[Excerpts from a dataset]
* * * *
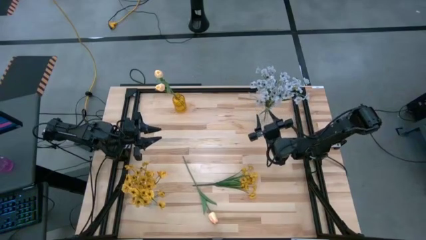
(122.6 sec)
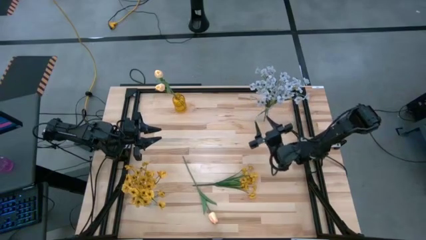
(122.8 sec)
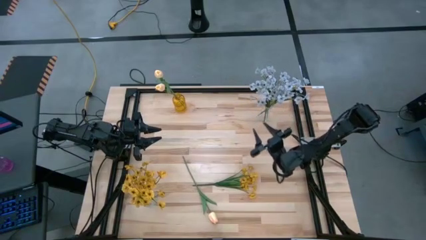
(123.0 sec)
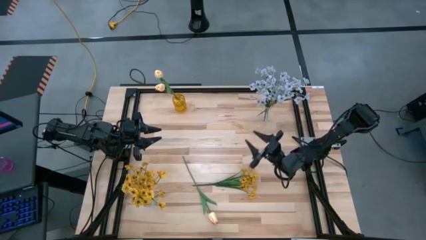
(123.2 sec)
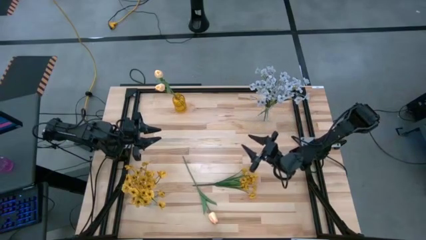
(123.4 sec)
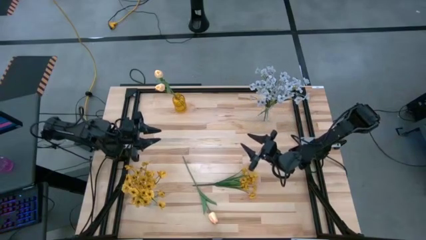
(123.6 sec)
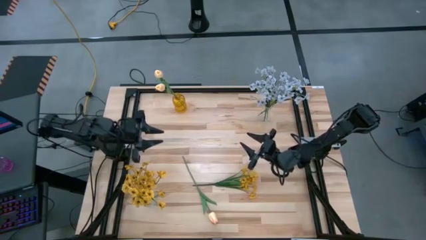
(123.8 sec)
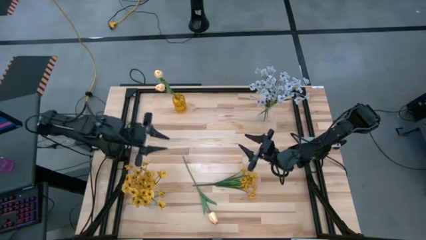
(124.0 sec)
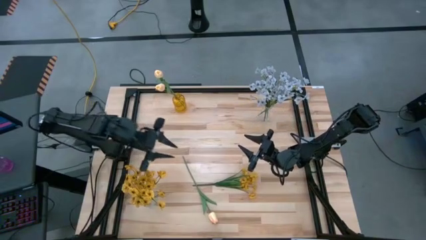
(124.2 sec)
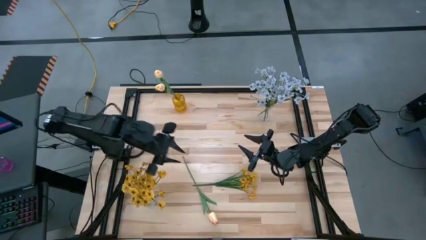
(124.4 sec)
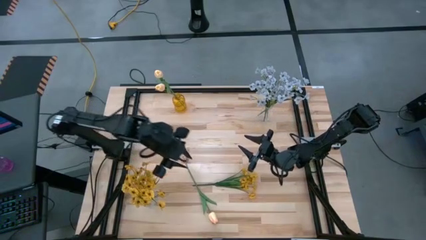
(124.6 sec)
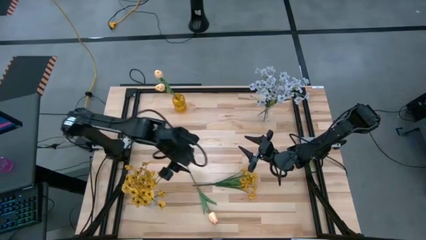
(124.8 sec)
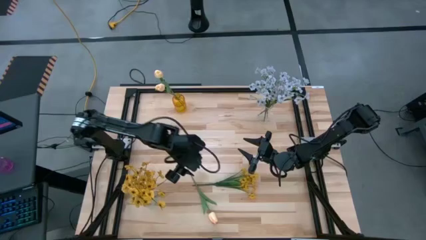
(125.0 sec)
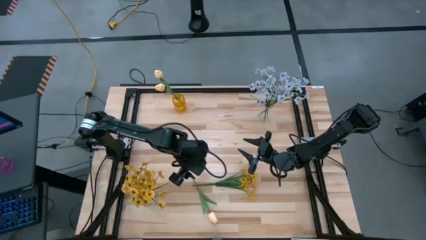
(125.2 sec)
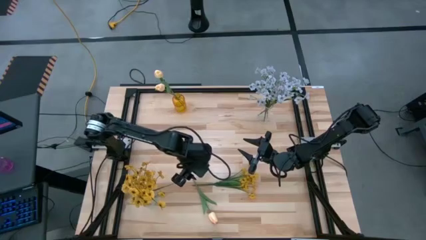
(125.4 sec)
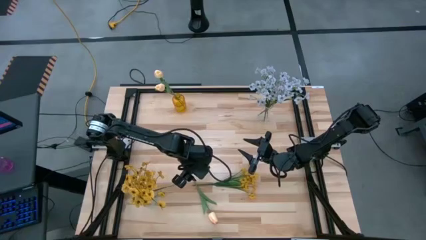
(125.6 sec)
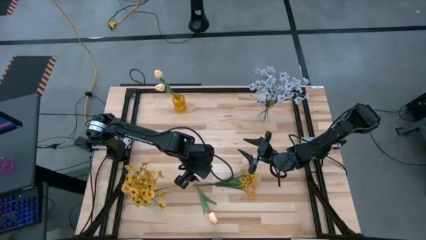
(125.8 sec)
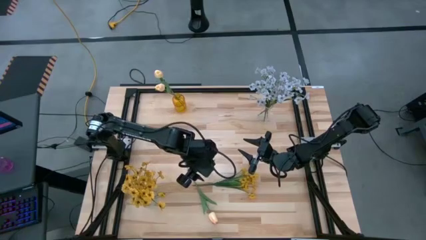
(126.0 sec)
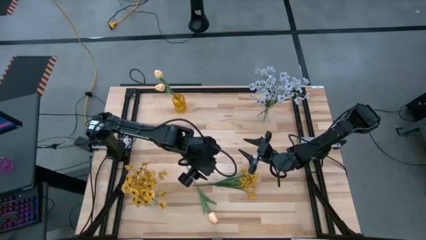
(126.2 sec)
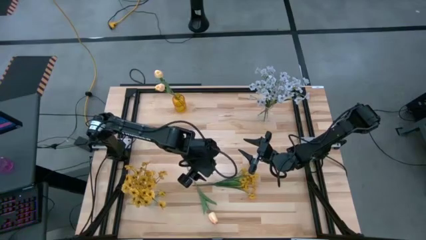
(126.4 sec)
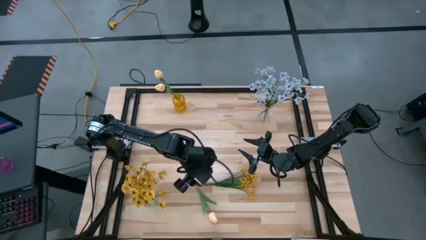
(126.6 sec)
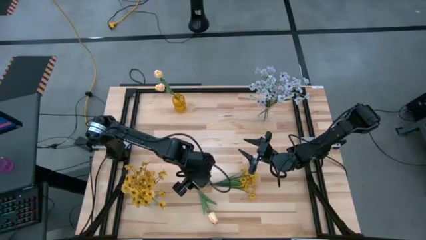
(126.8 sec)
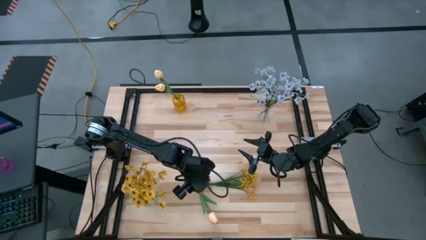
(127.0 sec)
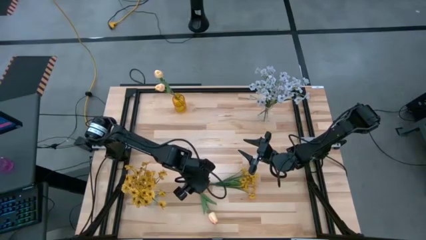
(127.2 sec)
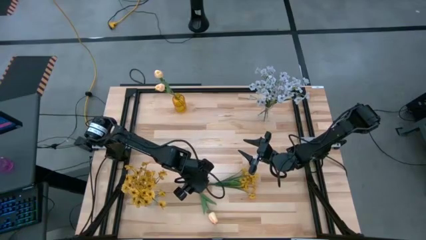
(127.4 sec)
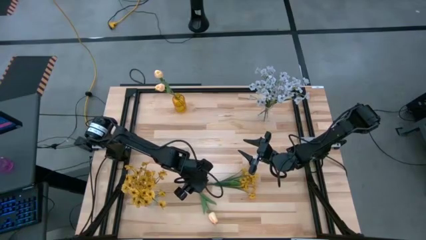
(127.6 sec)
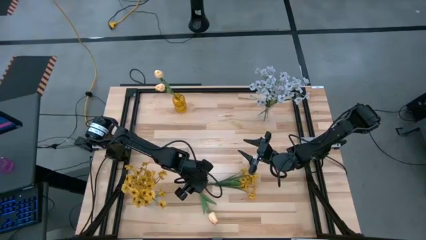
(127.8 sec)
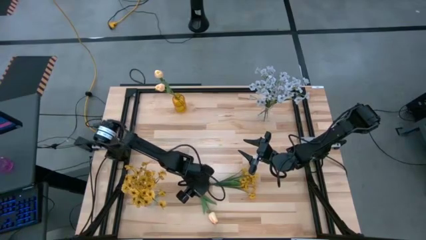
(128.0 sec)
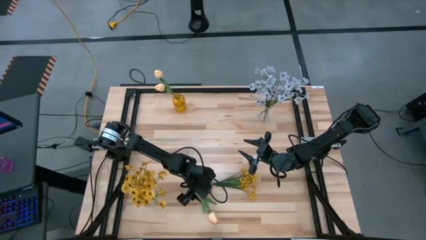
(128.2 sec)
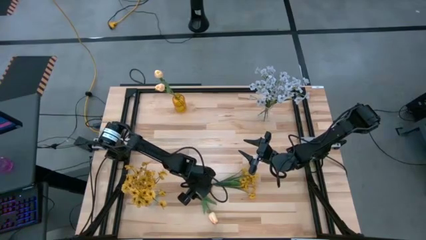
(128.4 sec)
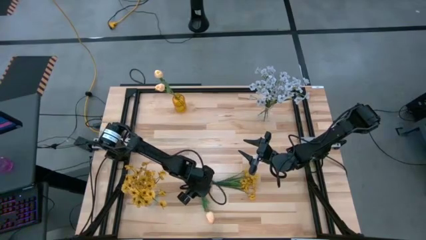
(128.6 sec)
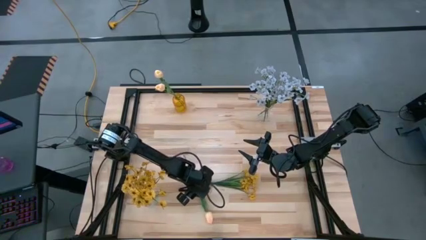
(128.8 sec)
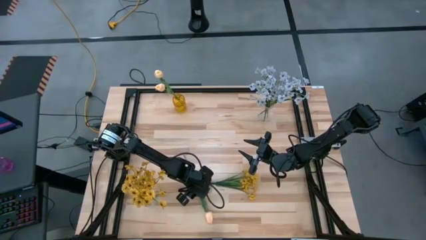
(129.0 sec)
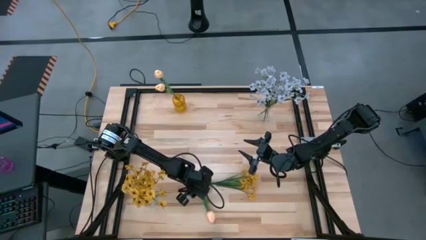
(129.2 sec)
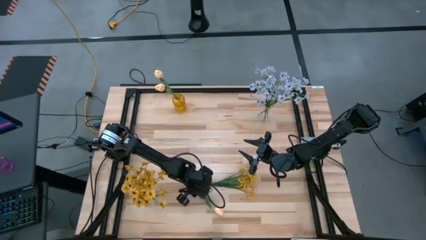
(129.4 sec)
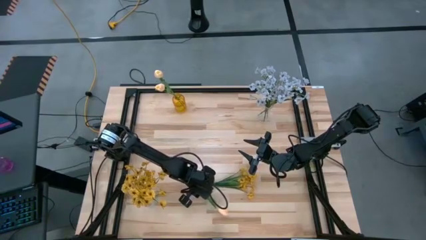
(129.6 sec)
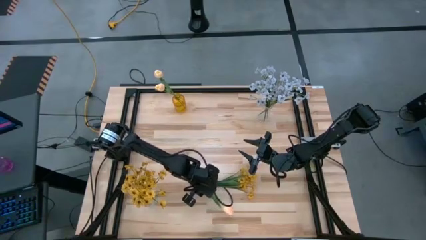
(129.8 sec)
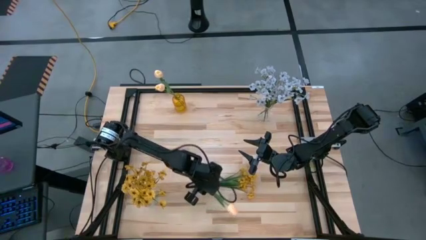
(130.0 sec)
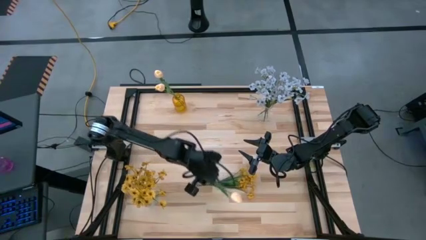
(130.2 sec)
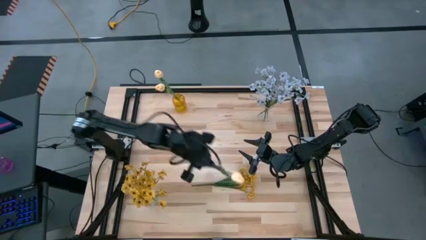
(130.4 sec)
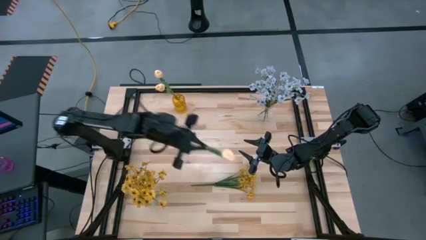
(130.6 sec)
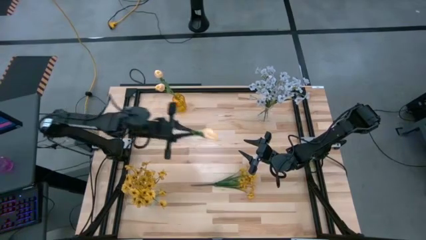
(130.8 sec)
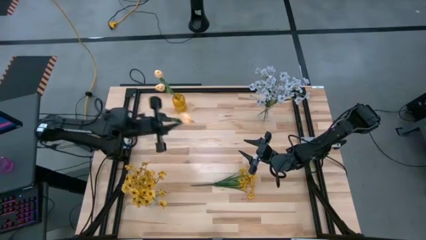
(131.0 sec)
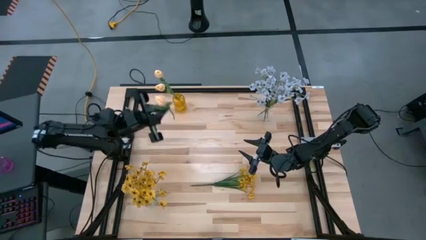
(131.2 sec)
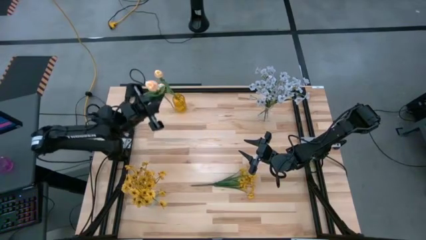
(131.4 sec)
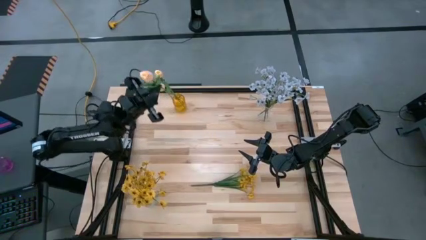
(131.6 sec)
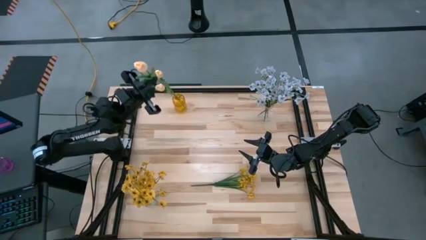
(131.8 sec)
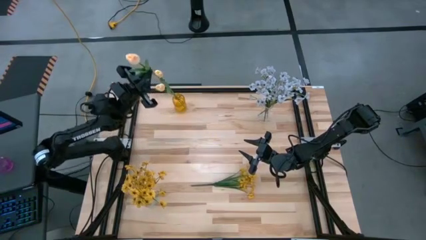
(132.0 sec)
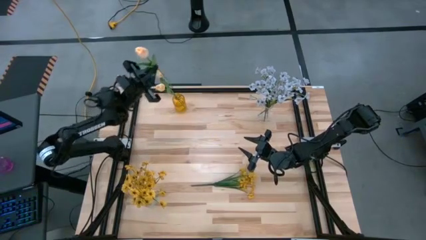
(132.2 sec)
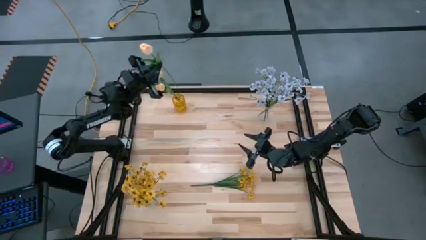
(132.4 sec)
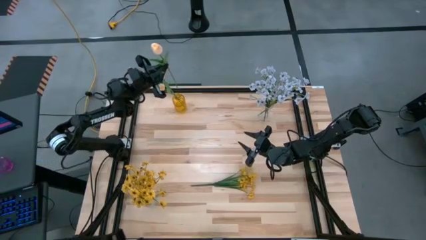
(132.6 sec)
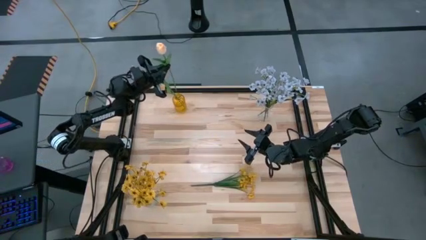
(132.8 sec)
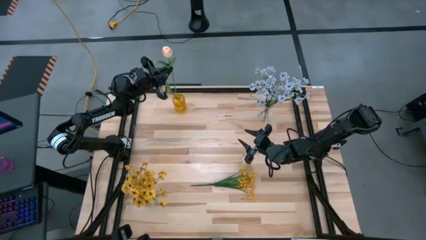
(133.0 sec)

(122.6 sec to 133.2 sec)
Task: Sort flowers into vase by color
Put the pink tulip into the yellow vase
* * * *
REQUIRED WORK:
Without including any picture, retype the entries exactly.

RESPONSE:
(122.6 sec)
(122.8 sec)
(123.0 sec)
(123.2 sec)
(123.4 sec)
(123.6 sec)
(123.8 sec)
(124.0 sec)
(124.2 sec)
(124.4 sec)
(124.6 sec)
(124.8 sec)
(125.0 sec)
(125.2 sec)
(125.4 sec)
(125.6 sec)
(125.8 sec)
(126.0 sec)
(126.2 sec)
(126.4 sec)
(126.6 sec)
(126.8 sec)
(127.0 sec)
(127.2 sec)
(127.4 sec)
(127.6 sec)
(127.8 sec)
(128.0 sec)
(128.2 sec)
(128.4 sec)
(128.6 sec)
(128.8 sec)
(129.0 sec)
(129.2 sec)
(129.4 sec)
(129.6 sec)
(129.8 sec)
(130.0 sec)
(130.2 sec)
(130.4 sec)
(130.6 sec)
(130.8 sec)
(131.0 sec)
(131.2 sec)
(131.4 sec)
(131.6 sec)
(131.8 sec)
(132.0 sec)
(132.2 sec)
(132.4 sec)
(132.6 sec)
(132.8 sec)
(133.0 sec)

(122.6 sec to 133.2 sec)
Task: Sort flowers into vase by color
Put the pink tulip into the yellow vase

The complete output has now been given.